Beneficiaries who do take income from the inherited pot will pay tax on it at their marginal rate of income tax. From 2016/17, the 45% charge on death is removed for lump sum payments.
Additionally, the pension pot can be passed on when the beneficiary dies without it being subject to tax; meaning it can pass down within a family with tax only being payable when funds are drawn out.
From April 2017, anybody resident in the UK for more than 15 of the past 20 tax years will be deemed UK domiciled for all tax purposes.
This replaces the 17 out of 20 years rule for IHT and may therefore mean that non-UK domiciled individuals fall into the UK IHT net sooner than previously expected.
For example, an individual who became UK Resident in 2002/03 would previously have expected to become ‘deemed UK domiciled’ in 2019/20 but under the new rules will become ‘deemed UK domiciled’ in 2017/18.

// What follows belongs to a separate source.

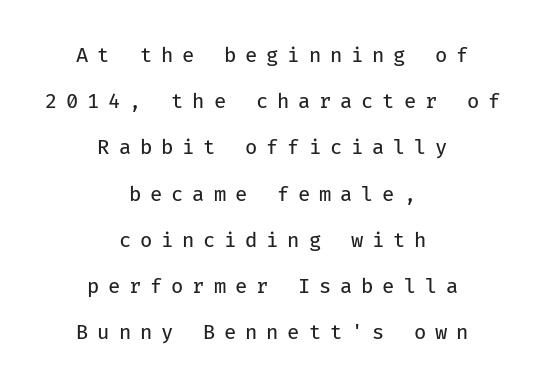
Letters rest on an invisible, unmarked baseline. Is there much room between lines? Yes — plenty of vertical air separates them. No letter is thick-stroked: the sample isn't bold. A typesetter would call this heavily tracked-out type. Short and long lines alike share a common midpoint. Tall strokes in this sample are plumb rather than angled.
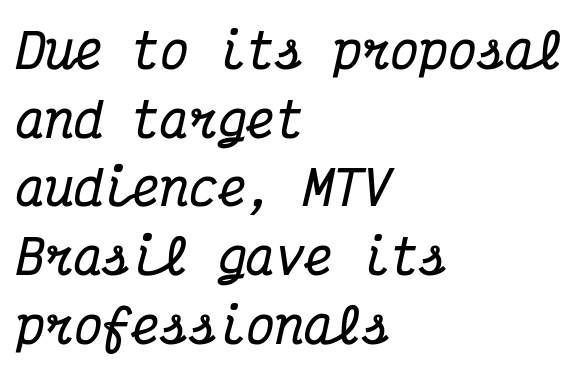
Spacing between characters is what you'd get straight out of the box. A typesetter would label this face a serif. The text carries the slant typical of an italic or oblique font. Typeset ragged right — the left edge is the straight one. The passage shown stacks its lines at a standard gap.

Excluded Property Trusts – those set up offshore by a non-UK domiciled individual – were only subject to UK IHT to the extent that they owned UK ‘situs assets’ (i.e. property that for legal purposes is treated as being in the UK). The Finance Act 2017 will include provisions to ensure that UK residential property owned by an excluded property trust through an offshore company, partnership or other opaque vehicle will also be subject to UK IHT.
Before the changes to the ISA regulations, when an individual died, any savings held in an ISA automatically lost their tax-free status. The surviving spouse or civil partner would have to start paying tax on any returns or income earned from it.

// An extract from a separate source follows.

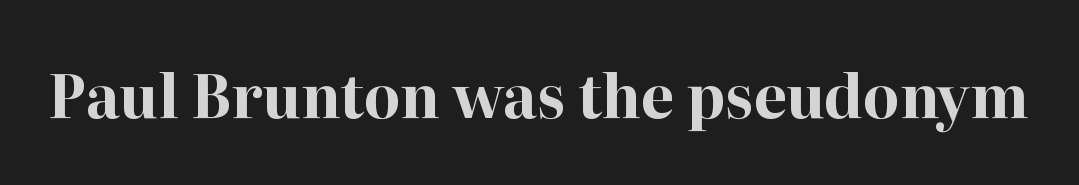
The image shows 59 px bold serif type, upright; set normal letter spacing, not underlined; high stroke contrast and a medium x-height.

For deaths on or after 3 December 2014, a surviving spouse or civil partner can inherit the ISA and retain its tax benefits. This is in the form of an ‘additional permitted subscription’; a one-off ISA allowance that is equal to the value of the ISA at the date of death. This allowance is added on to the survivor’s own ISA limit.

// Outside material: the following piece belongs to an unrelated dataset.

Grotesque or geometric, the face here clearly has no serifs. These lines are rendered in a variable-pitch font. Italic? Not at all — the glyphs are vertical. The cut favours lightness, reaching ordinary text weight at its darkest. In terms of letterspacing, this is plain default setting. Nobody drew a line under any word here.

Following HMRC’s consultation on simplifying IHT for relevant property trusts, the draft legislation in the summer Finance Bill effectively ends the tax-efficient use of ‘pilot trusts’ in Will planning. Such pilot trusts involved a settlor creating multiple trusts on different days during their lifetime and then leaving each trust further funds on death. The result was that each trust benefited from having a full IHT nil rate band, for the purpose of future IHT ten year anniversary charges and exit charges, as they were set up on separate days and therefore not related for IHT purposes.
The draft legislation treats all trusts that receive additions of property on the same day as being related and so they effectively share a nil rate band when computing future exit or ten year anniversary charges. There are transitional provisions in place so that where an individual’s Will has been executed before 10 December 2014 (the date of the Autumn Statement) and they die before 6 April 2017 the new same day addition provisions will not apply when assets are transferred to pilot trusts under the provisions of the Will.
What is the impact of these changes?
The tax effect that these changes will have as assets are passed down the generations will clearly depend on the specific circumstances of an individual’s family. However, it is likely that many people could now benefit from the new RNRB and the relaxed pension and ISA inheritance rules by updating their Wills.
Non-UK domiciled individuals, and those whose current estate planning involves life interests and pilot trusts, should check that their arrangements remain tax-efficient for their families.
The changes described above highlight how important it is for individuals to regularly review their IHT planning and their Wills to ensure that they continue to meet their family needs in a tax-efficient way.